Projects to: SMA, PMd, 4 (these are primarily from "5d"), 1, 2, 3a, projections to 3b are "extremely rare" (Fabri and Burton, 1995a) (see also Jones, 1986 for a review, Pons and Kaas 1986), 7b, retro-insular cortex (Friedman et al., 1980), principal and arcuate sulci, cingulate, superior temporal gyrus, basal ganglia (caudate and putamen), claustrum, (see Hyvarinen, 1982 for a review).
Receives from: ipsilateral: 4, 3a, 1, 2, 3b (again this was rare), 7b: contralateral 2, 5, and 7b. The ipsilateral PoCG projections are topographic in organization (e.g., Jones et al., 1978). No input from or to area 7a (Neal et al., 1986), but does receive input from area 19, AIP, VIP, and LIP...
An important fact here is that areas 3a and 3b don't project forward to motor areas such that areas 1, 2, and 5 have to integrate/pass this information along.

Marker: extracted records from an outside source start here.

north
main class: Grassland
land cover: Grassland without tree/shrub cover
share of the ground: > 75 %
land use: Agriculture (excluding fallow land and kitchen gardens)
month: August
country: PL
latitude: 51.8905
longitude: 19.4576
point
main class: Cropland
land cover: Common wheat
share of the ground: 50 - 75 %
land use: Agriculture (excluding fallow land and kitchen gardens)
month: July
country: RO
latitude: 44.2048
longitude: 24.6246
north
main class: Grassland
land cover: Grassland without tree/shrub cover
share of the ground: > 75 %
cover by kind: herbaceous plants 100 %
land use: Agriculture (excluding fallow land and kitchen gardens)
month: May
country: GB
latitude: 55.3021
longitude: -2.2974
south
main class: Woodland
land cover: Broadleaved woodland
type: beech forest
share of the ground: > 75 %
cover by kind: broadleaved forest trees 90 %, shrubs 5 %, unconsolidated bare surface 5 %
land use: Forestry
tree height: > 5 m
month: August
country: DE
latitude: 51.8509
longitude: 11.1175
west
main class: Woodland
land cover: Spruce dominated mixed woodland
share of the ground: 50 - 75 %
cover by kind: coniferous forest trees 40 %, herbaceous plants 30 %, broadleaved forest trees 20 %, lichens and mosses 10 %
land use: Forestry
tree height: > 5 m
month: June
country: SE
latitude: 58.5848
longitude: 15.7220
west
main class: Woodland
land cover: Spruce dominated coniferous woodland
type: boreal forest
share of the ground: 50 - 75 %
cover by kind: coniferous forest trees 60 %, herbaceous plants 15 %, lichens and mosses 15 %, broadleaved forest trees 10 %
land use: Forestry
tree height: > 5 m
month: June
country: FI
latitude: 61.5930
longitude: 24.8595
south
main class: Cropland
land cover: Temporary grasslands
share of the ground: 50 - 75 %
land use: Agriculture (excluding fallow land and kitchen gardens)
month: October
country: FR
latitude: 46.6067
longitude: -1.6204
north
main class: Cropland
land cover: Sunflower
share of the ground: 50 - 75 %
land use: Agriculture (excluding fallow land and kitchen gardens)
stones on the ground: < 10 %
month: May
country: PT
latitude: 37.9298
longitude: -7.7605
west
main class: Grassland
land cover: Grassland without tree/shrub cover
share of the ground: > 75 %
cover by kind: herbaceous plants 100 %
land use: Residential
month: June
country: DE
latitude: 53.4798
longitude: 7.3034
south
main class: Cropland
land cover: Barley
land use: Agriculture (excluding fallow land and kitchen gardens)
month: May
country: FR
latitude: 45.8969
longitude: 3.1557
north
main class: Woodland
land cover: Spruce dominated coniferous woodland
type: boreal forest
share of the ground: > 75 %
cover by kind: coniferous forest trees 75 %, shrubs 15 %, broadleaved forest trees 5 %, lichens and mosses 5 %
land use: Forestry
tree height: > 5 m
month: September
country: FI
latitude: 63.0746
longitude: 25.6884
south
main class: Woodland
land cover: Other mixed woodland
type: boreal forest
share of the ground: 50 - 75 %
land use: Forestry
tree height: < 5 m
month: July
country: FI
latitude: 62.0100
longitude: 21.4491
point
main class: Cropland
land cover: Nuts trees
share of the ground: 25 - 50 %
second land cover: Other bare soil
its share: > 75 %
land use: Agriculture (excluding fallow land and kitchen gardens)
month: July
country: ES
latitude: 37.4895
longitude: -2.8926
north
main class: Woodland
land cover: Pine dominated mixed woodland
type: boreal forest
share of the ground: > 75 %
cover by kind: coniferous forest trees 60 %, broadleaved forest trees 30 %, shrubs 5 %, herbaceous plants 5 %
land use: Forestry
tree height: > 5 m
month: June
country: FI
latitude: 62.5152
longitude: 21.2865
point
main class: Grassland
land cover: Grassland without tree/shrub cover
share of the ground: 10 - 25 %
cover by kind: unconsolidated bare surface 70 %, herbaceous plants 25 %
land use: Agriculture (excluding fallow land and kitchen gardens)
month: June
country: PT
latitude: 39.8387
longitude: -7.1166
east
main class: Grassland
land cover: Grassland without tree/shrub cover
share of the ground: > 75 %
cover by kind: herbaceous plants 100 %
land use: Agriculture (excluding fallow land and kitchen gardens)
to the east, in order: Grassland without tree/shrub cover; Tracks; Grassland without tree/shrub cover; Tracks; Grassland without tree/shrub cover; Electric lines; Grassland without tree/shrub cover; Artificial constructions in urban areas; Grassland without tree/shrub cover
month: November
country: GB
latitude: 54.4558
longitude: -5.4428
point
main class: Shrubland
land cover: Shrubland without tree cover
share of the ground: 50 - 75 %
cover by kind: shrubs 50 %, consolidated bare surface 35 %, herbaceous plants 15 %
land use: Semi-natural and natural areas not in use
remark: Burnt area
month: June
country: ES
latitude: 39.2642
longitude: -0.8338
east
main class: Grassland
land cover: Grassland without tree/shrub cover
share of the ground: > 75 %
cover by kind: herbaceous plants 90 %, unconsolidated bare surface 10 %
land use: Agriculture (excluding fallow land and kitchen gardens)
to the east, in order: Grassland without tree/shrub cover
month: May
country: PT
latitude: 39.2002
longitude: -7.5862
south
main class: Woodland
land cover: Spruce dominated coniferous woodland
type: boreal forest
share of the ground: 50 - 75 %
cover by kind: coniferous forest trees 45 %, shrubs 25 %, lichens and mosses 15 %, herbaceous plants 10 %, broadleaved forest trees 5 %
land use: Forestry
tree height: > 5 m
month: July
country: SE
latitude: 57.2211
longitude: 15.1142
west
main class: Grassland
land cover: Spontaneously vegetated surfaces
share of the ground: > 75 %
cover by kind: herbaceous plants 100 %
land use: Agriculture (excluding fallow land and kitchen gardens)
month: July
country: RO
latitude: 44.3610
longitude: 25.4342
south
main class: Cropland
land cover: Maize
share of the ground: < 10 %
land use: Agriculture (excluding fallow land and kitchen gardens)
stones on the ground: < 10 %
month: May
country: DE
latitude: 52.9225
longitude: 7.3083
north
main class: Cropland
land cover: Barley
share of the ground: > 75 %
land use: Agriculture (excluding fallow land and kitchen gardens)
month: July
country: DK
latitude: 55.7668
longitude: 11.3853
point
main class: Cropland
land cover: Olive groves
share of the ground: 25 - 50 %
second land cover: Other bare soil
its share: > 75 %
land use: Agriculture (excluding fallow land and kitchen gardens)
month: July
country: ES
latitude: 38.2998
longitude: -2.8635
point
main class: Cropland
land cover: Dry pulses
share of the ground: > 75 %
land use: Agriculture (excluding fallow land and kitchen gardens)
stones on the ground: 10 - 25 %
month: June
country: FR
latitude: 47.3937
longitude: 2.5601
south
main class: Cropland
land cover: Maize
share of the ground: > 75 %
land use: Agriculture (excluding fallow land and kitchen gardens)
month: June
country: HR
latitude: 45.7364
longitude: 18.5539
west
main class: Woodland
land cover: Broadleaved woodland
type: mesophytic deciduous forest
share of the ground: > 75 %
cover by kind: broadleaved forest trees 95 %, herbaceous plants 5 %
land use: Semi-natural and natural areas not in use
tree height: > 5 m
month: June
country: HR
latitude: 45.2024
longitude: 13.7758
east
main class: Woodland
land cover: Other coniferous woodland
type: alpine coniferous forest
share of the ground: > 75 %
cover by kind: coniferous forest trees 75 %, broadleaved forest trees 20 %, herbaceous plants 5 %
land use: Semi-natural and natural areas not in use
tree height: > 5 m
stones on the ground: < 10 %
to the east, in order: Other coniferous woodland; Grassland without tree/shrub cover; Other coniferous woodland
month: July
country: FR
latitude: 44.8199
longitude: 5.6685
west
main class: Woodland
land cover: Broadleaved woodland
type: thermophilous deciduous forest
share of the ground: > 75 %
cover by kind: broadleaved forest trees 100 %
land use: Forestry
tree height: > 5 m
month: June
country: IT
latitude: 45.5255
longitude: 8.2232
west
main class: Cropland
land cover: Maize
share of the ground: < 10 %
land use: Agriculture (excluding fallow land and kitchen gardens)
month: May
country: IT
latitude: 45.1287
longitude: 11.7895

Projects to: Dorsal column nuclei (Weisburg and Rustioni, 1977), corticospinal (~9% of CST projections from the cortex originate here, as compared to 50% from area 4, Toyoshima and Sakai, 1982), red nucleus, thalamic lateral posterior nucleus, superior colliculus, pons, tegmentum and substantia nigra.
Recieves from: Thalamic lateral posterior nucleus, central lateral nucleus and pulvinar. Dentate nucleus lesions effect the timing of cell firing here in a way that is correlated with recovery of reaction time in an arm movement task. Stimulation of that is correlated with recovery of reaction times in an arm movement task. Stimulation of the fastigial nucleus causes activation here that appears to be of thalamocortical origin (Yamamoto et al., 1983) though I did not find a reference detailing a direct thalamic input to this region.
More posterior representations in the PoCG project to more anterior parts of area 5 and vice versa, suggesting a mirror map (Pearson and Powell, 1985), one of the defining criteria for being a unique sensory area (and at least a weak argument against the subdivision into 5v and 5d by Lewis and van Essen, 2000).